The log-scale count data is stored in the logcounts assay slot of a SingleCellExperiment object. The exprs getter/setter function also accesses this logcounts slot, to enable equivalent usage as in previous versions of scater.

4 Subsetting, accessing and assigning data in a SingleCellExperiment object

We have accessor functions to access elements of the SingleCellExperiment object. Furthermore, subsetting SingleCellExperiment objects is straightforward and reliable, using the usual R [] notation, with rows representing features and columns representing cells.
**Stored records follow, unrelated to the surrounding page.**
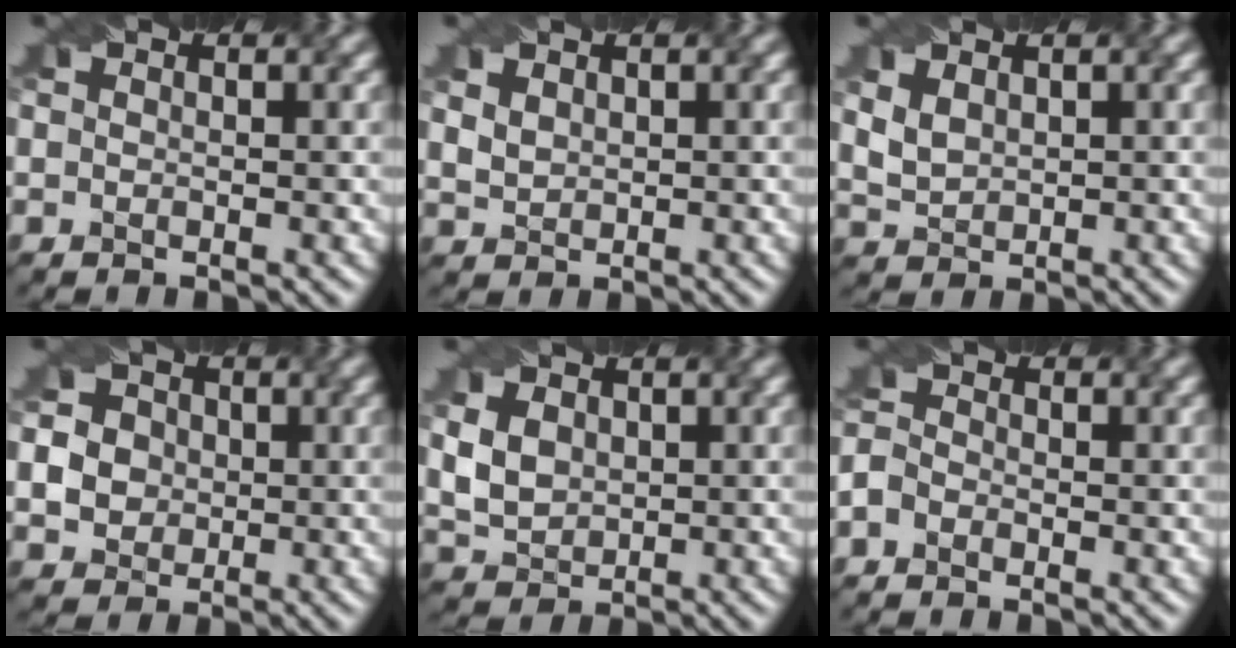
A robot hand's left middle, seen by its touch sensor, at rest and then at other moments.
{"total": 2.0, "force": [1.3, 1.2, 0.8], "torque": [-0.029, 0.006, 0.034]}
{"total": 2.4, "force": [1.2, 1.6, 1.2], "torque": [-0.041, 0.003, 0.033]}
{"total": 6.9, "force": [1.4, 6.3, 2.6], "torque": [-0.067, 0.035, 0.017]}
{"total": 3.7, "force": [0.9, 3.0, 2.1], "torque": [-0.068, 0.008, 0.022]}
{"total": 1.5, "force": [-1.2, 0.8, 0.5], "torque": [-0.016, 0.008, -0.020]}
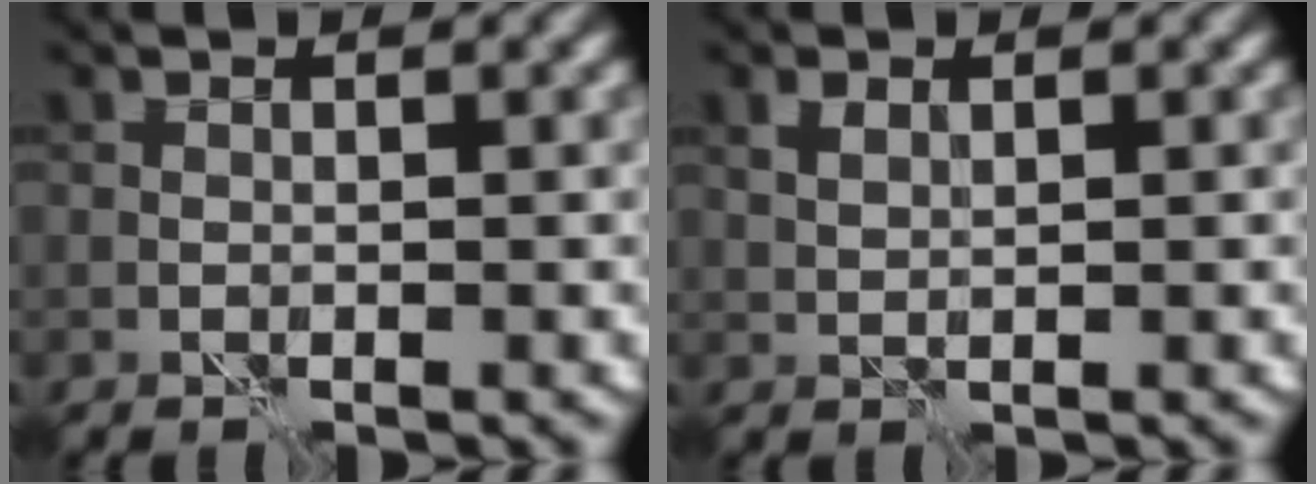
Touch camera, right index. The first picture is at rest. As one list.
[{"total": 1.1, "force": [0.7, 0.6, 0.7], "torque": [-0.019, 0.004, 0.016]}]
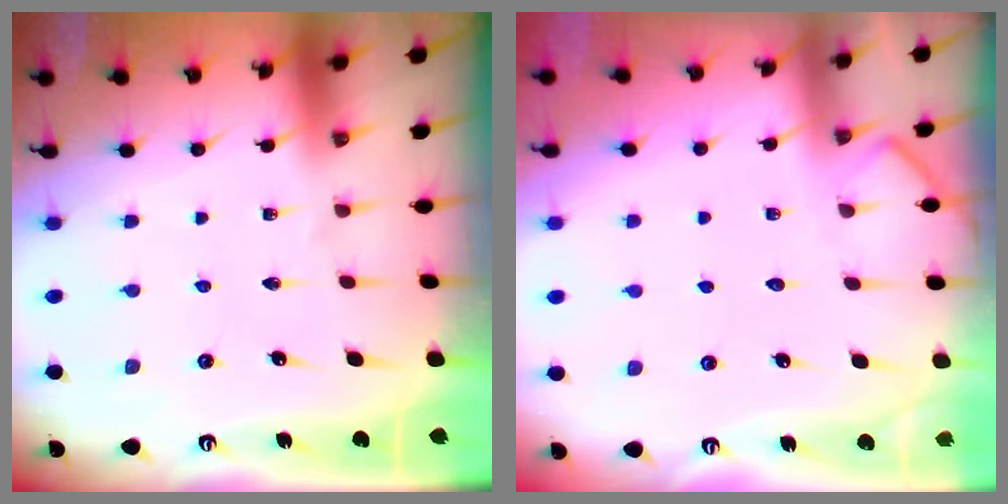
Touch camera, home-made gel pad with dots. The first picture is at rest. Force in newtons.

counts(example_sce)[1:3, 1:6]
##           Cell_001 Cell_002 Cell_003 Cell_004 Cell_005 Cell_006
## Gene_0001        0      123        2        0        0        0
## Gene_0002      575       65        3     1561     2311      160
## Gene_0003        0        0        0        0     1213        0
exprs(example_sce)[1:3, 1:6]
##           Cell_001 Cell_002 Cell_003 Cell_004  Cell_005 Cell_006
## Gene_0001 0.000000 8.192430 1.828628  0.00000  0.000000 0.000000
## Gene_0002 9.033633 7.276677 2.271422 11.07878 10.103749 8.492693
## Gene_0003 0.000000 0.000000 0.000000  0.00000  9.174997 0.000000
assay(example_sce, "counts")[1:3, 1:6]

Similarly we can assign a new (say, transformed) expression matrix to an SingleCellExperiment object using assay as follows:

assay(example_sce, "counts") <- counts(example_sce)
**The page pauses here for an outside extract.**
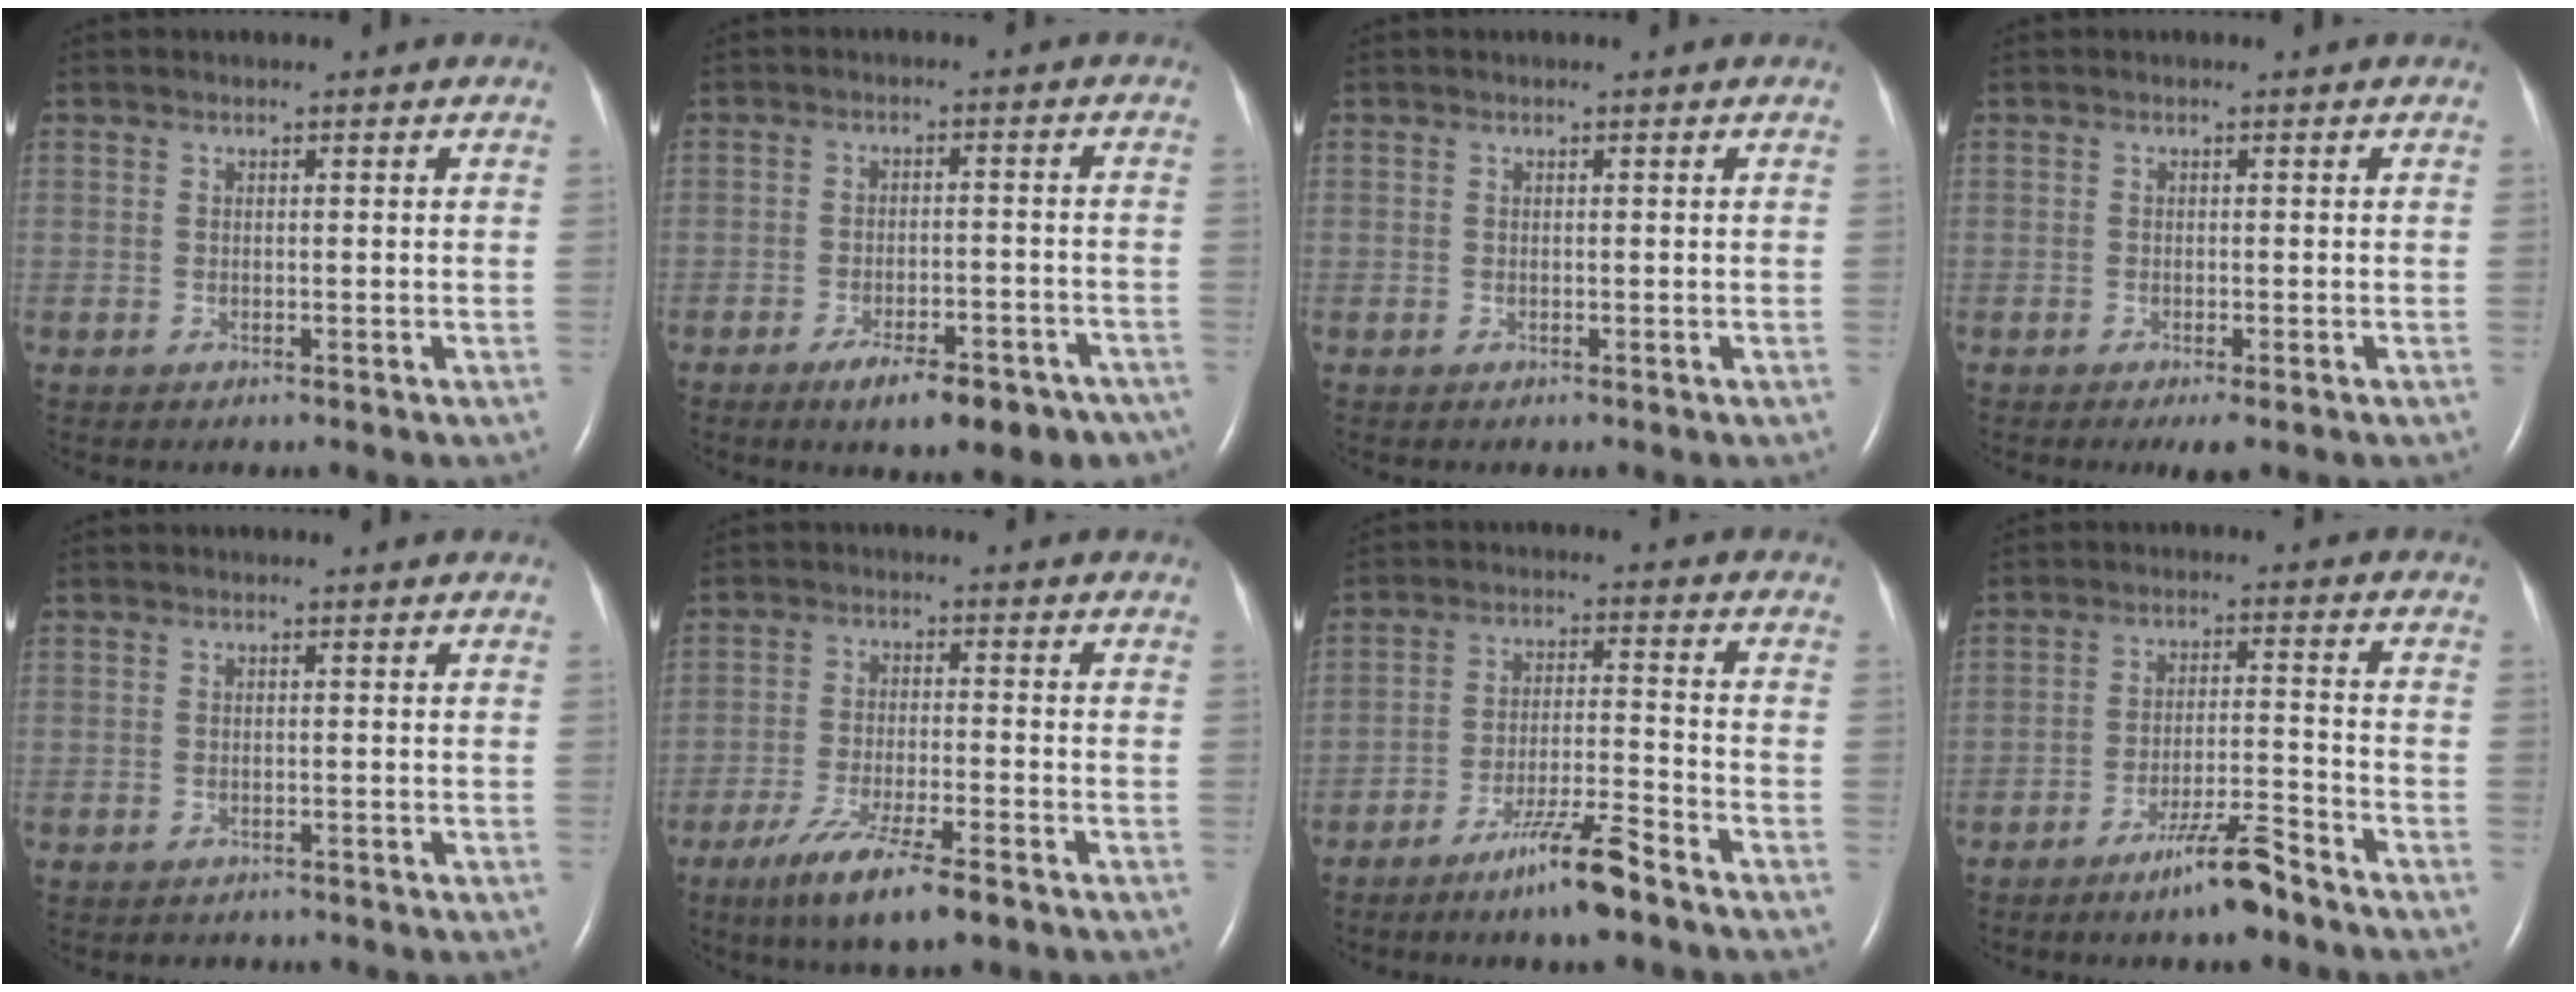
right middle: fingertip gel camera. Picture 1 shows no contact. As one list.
[{"total": 11.7, "force": [-8.7, 4.0, 6.8], "torque": [-0.072, 0.010, -0.120]}, {"total": 0.0}, {"total": 2.0, "force": [-1.2, 0.3, 1.6], "torque": [-0.022, -0.006, -0.017]}, {"total": 1.2, "force": [-1.0, 0.5, 0.0], "torque": [-0.008, 0.000, -0.014]}, {"total": 9.8, "force": [-6.4, 1.0, 7.4], "torque": [-0.142, -0.024, -0.106]}, {"total": 7.9, "force": [-5.9, -0.1, 5.2], "torque": [-0.097, -0.014, -0.112]}, {"total": 7.1, "force": [-5.5, 0.3, 4.4], "torque": [-0.080, -0.010, -0.101]}]

For convenience (and backwards compatibility) getters and setters are provided as follows: exprs, tpm, cpm, fpkm and versions of these with the prefix “norm_”):

Handily, it is also easy to replace other data in slots of the SCESet object using generic accessor and replacement functions.
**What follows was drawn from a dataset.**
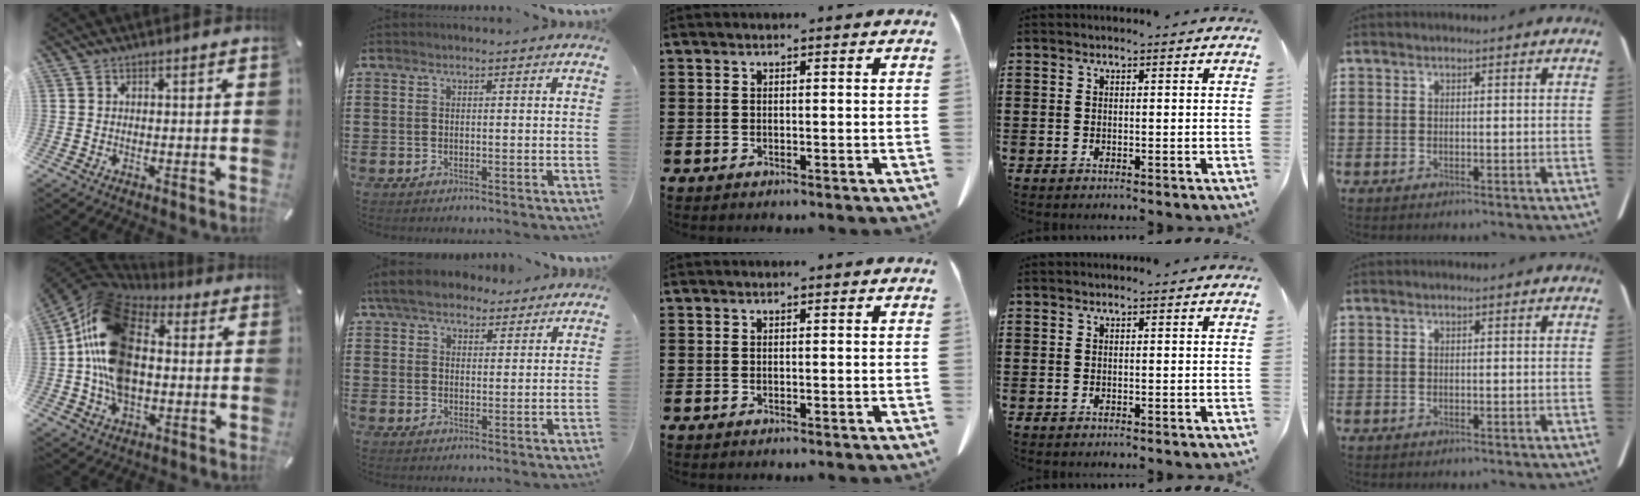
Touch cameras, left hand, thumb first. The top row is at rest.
{"thumb": {"total": 19.9, "force": [0.8, 14.3, 13.8], "torque": [-0.292, 0.009, 0.013]}, "index": {"total": 5.9, "force": [5.1, 2.3, 2.0], "torque": [-0.058, 0.000, 0.096]}}
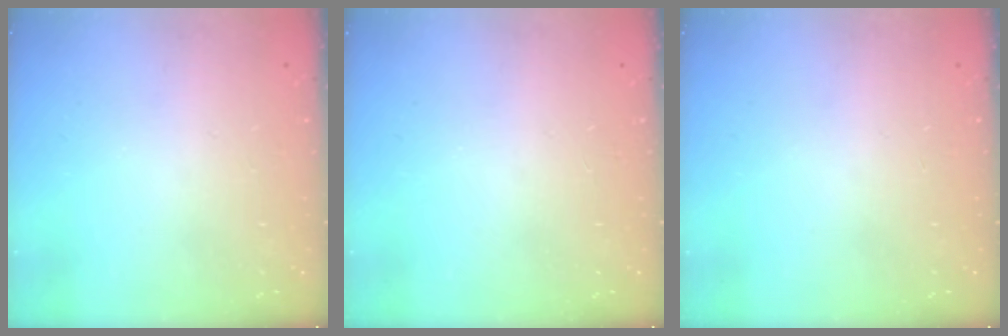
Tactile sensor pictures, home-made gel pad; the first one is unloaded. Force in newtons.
{"total": 0.0}
{"total": 0.0}

gene_df <- DataFrame(Gene = rownames(sc_example_counts))
rownames(gene_df) <- gene_df$Gene
## replace rowData (previously featureData)
rowData(example_sce) <- gene_df
## replace colData (previously phenotype data)
colData(example_sce) <- DataFrame(sc_example_cell_info)

After gaining familiarity with creating and manipulating SingleCellExperiment objects, see the other scater vignettes for guidance on using scater for quality control, data visualisation and more.